Each line that holds the word "Urbaine" counts once; give the total for the records below and nothing else.

□ □ □ □

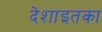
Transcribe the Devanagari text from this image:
देशाइतका
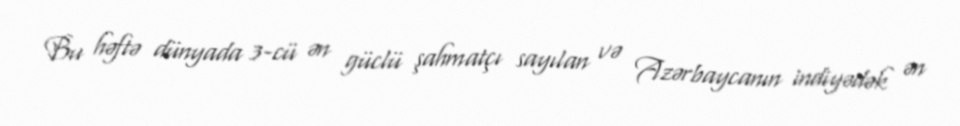
Bu həftə dünyada 3-cü ən güclü şahmatçı sayılan və Azərbaycanın indiyədək ən
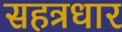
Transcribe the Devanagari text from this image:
सहत्रधार
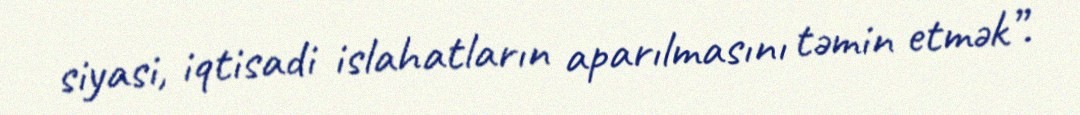
siyasi, iqtisadi islahatların aparılmasını təmin etmək”.
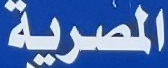
المصرية
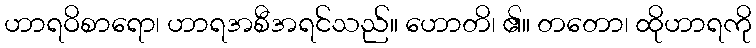
ဟာရဝိစာရော၊ ဟာရအစီအရင်သည်။ ဟောတိ၊ ၏။ တတော၊ ထိုဟာရကို
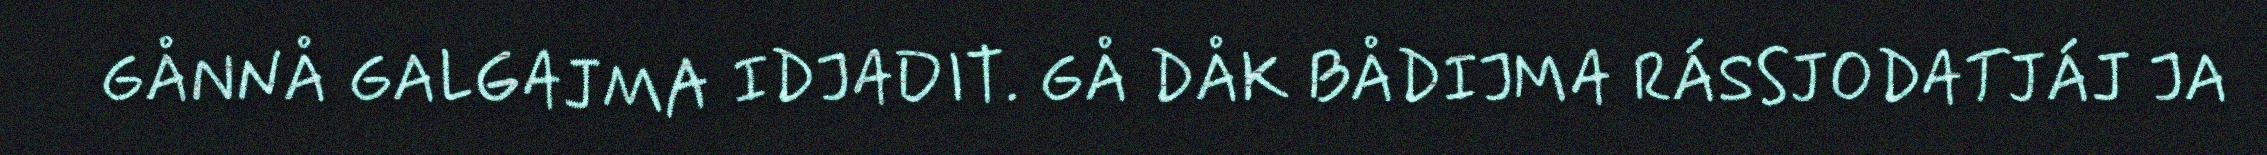
GÅNNÅ GALGAJMA IDJADIT. GÅ DÅK BÅDIJMA RÁSSJODATJÁJ JA
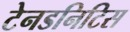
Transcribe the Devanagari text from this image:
टेनडनिटिस
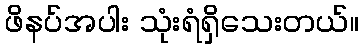
ဖိနပ်အပါး သုံးရံရှိသေးတယ်။
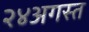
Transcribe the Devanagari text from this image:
२४अगस्त
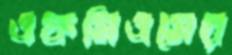
এফসিএসের
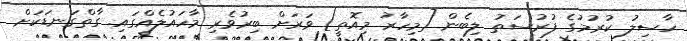
ހާސިލު ކުރުމުގެ ފުރުސަތު ލިބެން [މިހާރު މިއޮތީ] ވަރަށް ބިރުވެރި މާހައުލެއްގައި. ގާތްގަނޑަކަށް
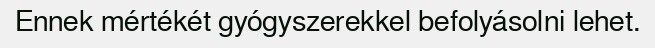
Ennek mértékét gyógyszerekkel befolyásolni lehet.
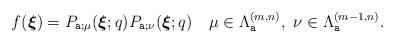
LaTeX: \begin{align*}f(\boldsymbol{\xi})= P_{\texttt{a};\mu} (\boldsymbol{\xi};q) P_{\texttt{a};\nu} (\boldsymbol{\xi};q ) \quad\mu\in \Lambda^{(m,n)}_{\texttt{a}},\ \nu\in \Lambda^{(m-1,n)}_{\texttt{a}}.\end{align*}
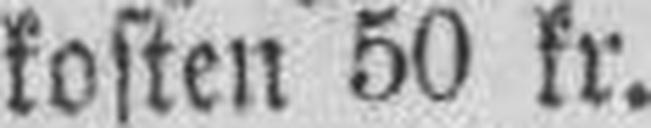
kosten 50 kr.
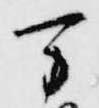
万
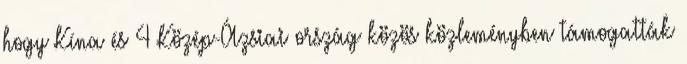
hogy Kína és 4 Közép-Ázsiai ország közös közleményben támogatták
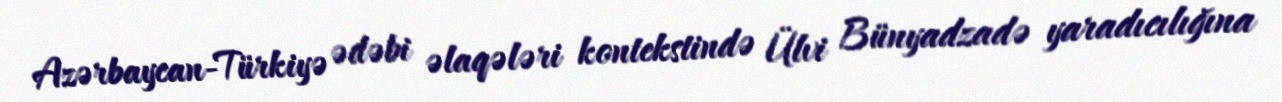
Azərbaycan-Türkiyə ədəbi əlaqələri kontekstində Ülvi Bünyadzadə yaradıcılığına
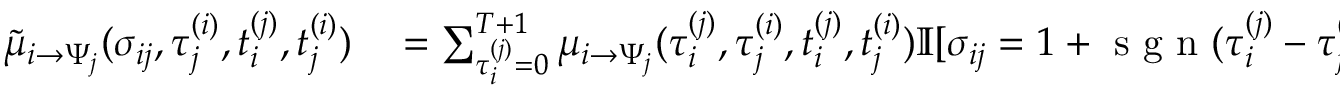
\begin{array} { r } { \begin{array} { r l } { \tilde { \mu } _ { i \to \Psi _ { j } } ( \sigma _ { i j } , \tau _ { j } ^ { ( i ) } , t _ { i } ^ { ( j ) } , t _ { j } ^ { ( i ) } ) } & { { } = \sum _ { \tau _ { i } ^ { ( j ) } = 0 } ^ { { T + 1 } } \mu _ { i \to \Psi _ { j } } ( \tau _ { i } ^ { ( j ) } , \tau _ { j } ^ { ( i ) } , t _ { i } ^ { ( j ) } , t _ { j } ^ { ( i ) } ) \mathbb { I } [ \sigma _ { i j } = 1 + \mathrm { ~ s ~ g ~ n ~ } ( \tau _ { i } ^ { ( j ) } - \tau _ { j } ^ { ( i ) } + s _ { i j } ) ] } \end{array} } \end{array}
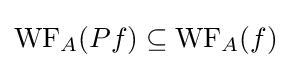
\operatorname {WF} _{A}(Pf)\subseteq \operatorname {WF} _{A}(f)
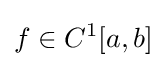
f\in C^{1}[a,b]
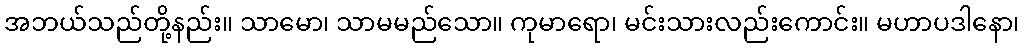
အဘယ်သည်တို့နည်း။ သာမော၊ သာမမည်သော။ ကုမာရော၊ မင်းသားလည်းကောင်း။ မဟာပဒါနော၊
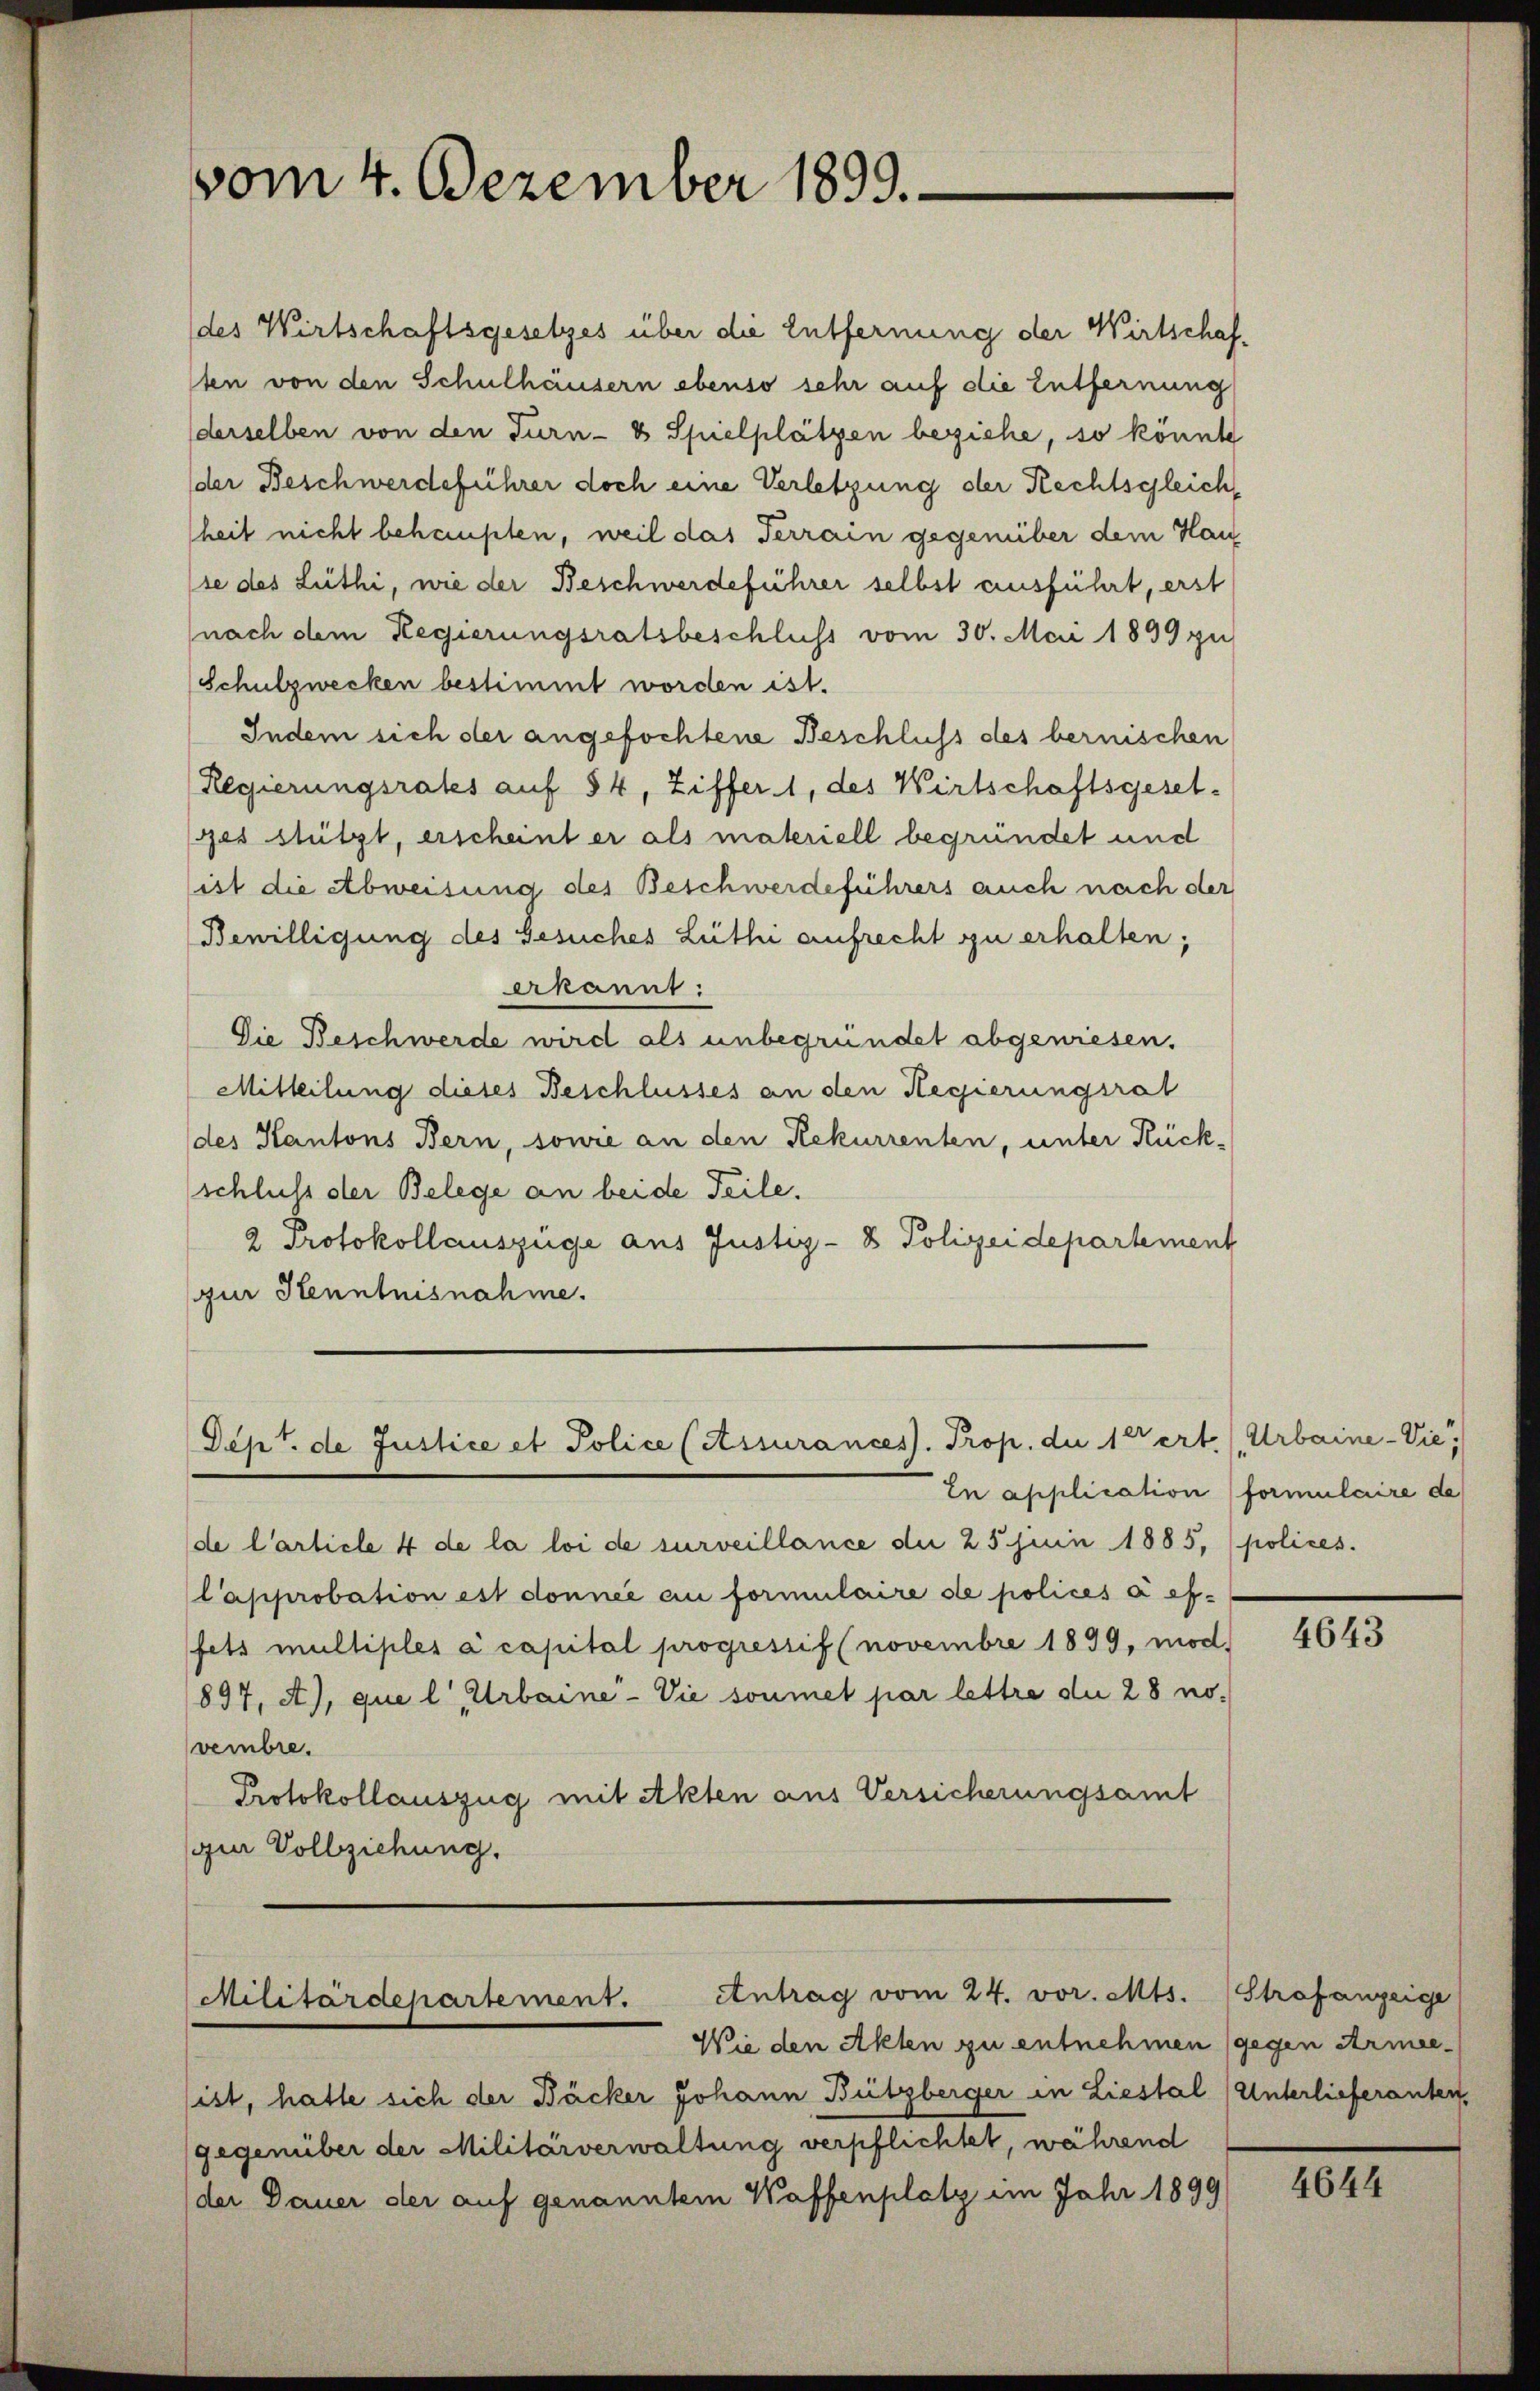
vom 4. Dezember 1899.

Dept. de Justice et Police (Stisurancess. Prop. die 1tert (Urbaine Vie

Antrag vom 24. vor. Mts. Strafanzeige
cnilitärdepartement.
Wie den Akten zu entnehmen (gegen Armee-

(des Wirtschaftsgesetzes über die Entfernung der Wirtschaflten von den Schulhäusern ebenso sehr auf die Entfernung
derselben von den Turn- & Spielplätzen beziehe, so könnte
der Beschwerdeführer doch eine Verletzung der Rechtsgleich,
heit nicht behaupten, weil das Terrain gegenüber dem Hau
(se des Lüthi, wie der Beschwerdeführer selbst ausführt, erst
(nach dem Regierungsratsbeschluss vom 30. Mai 1899 zu
Schulzwecken bestimmt worden ist.
Indem sich der angefochtene Beschluss des bernischen
Regierungsrates auf 84, Ziffer 1, des Wirtschaftsgesel-
ges stützt, erscheint er als materiell begründet und
ist die Abweisung des Beschwerdeführers auch nach der
Bewilligung des Gesuches Lüthi aufrecht zu erhalten;
Akannt:
Die Beschwerde wird als unbegründet abgewiesen.
Mitteilung dieses Beschlusses an den Regierungsrat
(des Kantons Bern, sowie an den Rekurrenten, unter Rückschluss der Belege an beide Teile.
2 Protokollauszüge aus Justiz- & Polizeidepartement
zur Kenntnisnahme.

En application formulaire de
de Carticle 4 de la loi de surveillance der 25. Juni 1885, polices.
Capprobation est donnée au formulaire de polices à effets multiples a capital progressif (novembre 1899, mod
897, A), que l, Urbaine-Vie soumet par lettre die 28 novembre.
Protokollauszug mit Akten aus Versicherungsamt
(zur Vollziehung.

sist, hatte sich der Bäcker Johann Bützberger in Liestal (Unterlieferanten,
(gegenüber der Militärverwaltung verpflichtet, während
der Dauer der auf genanntem Waffenplatz im Jahr 1899

4643

4644

□ □ □ □

SOLUTION TO THIS EXERCISE: 2